== AIM OF THE TASK ==
Every entry should be repeated exactly. Omit the pictures.

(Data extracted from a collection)
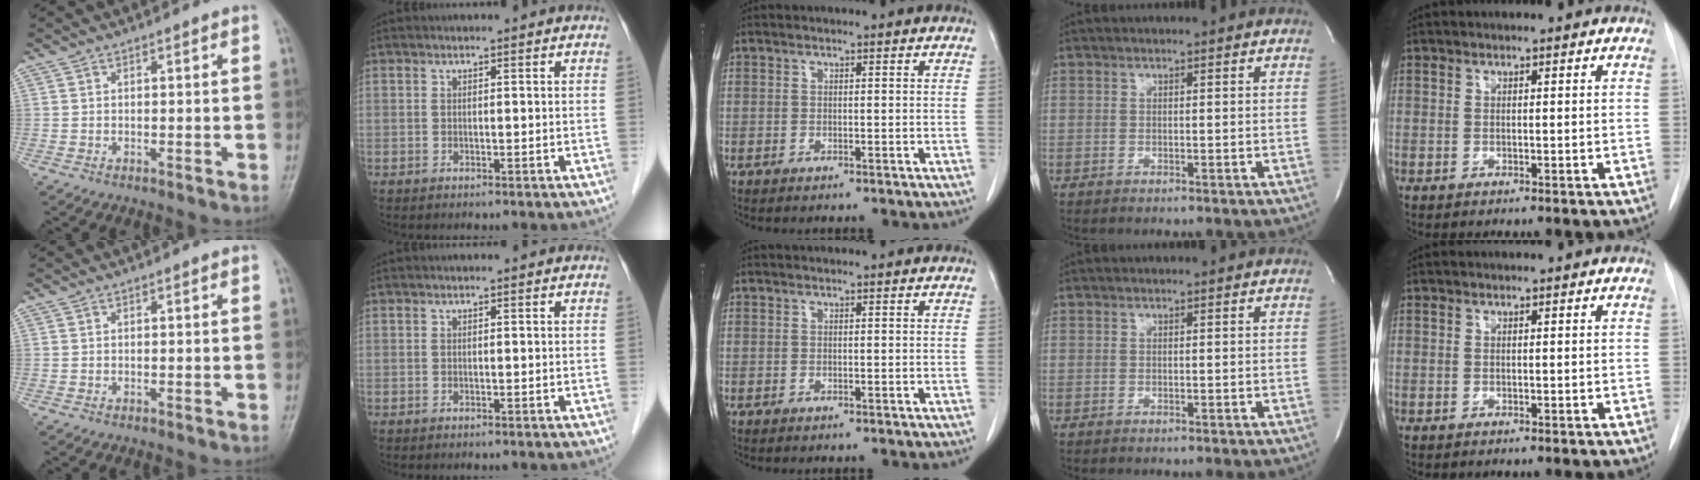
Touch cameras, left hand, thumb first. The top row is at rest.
{}
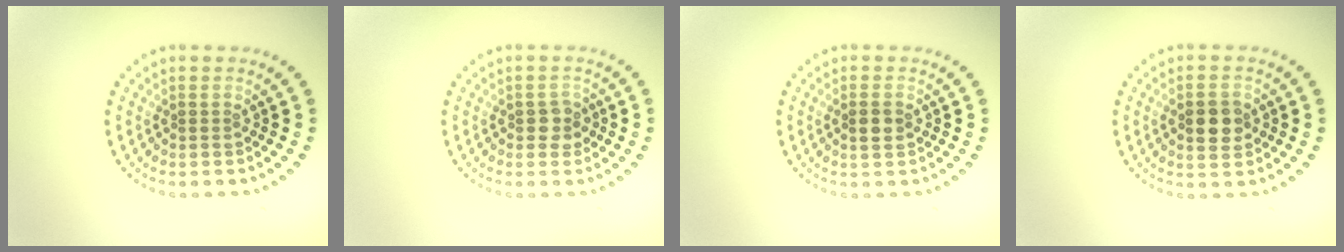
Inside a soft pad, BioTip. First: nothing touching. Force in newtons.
{"total": 1.6, "press": 1.5, "slide": 0.5}
{"total": 1.6, "press": 1.5, "slide": 0.3}
{"total": 3.3, "press": 3.3, "slide": 0.0}
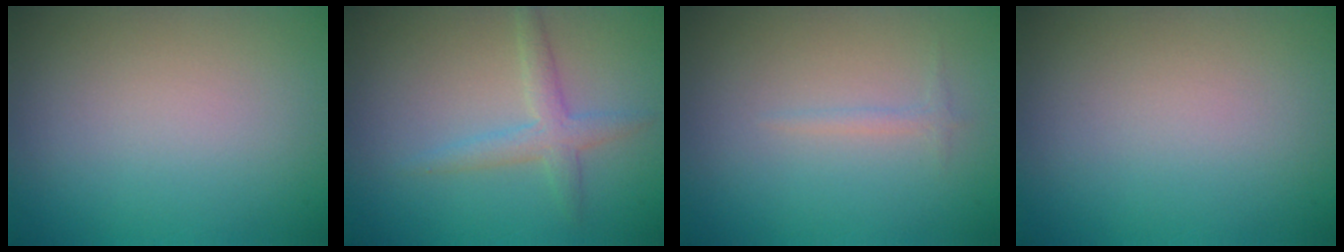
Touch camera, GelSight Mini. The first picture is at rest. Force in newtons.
{"total": 2.4, "press": 2.4, "slide": 0.1}
{"total": 0.7, "press": 0.7, "slide": 0.1}
{"total": 0.0}

== TASK RESPONSE ==
Touch cameras, left hand, thumb first. The top row is at rest.
{}
Inside a soft pad, BioTip. First: nothing touching. Force in newtons.
{"total": 1.6, "press": 1.5, "slide": 0.5}
{"total": 1.6, "press": 1.5, "slide": 0.3}
{"total": 3.3, "press": 3.3, "slide": 0.0}
Touch camera, GelSight Mini. The first picture is at rest. Force in newtons.
{"total": 2.4, "press": 2.4, "slide": 0.1}
{"total": 0.7, "press": 0.7, "slide": 0.1}
{"total": 0.0}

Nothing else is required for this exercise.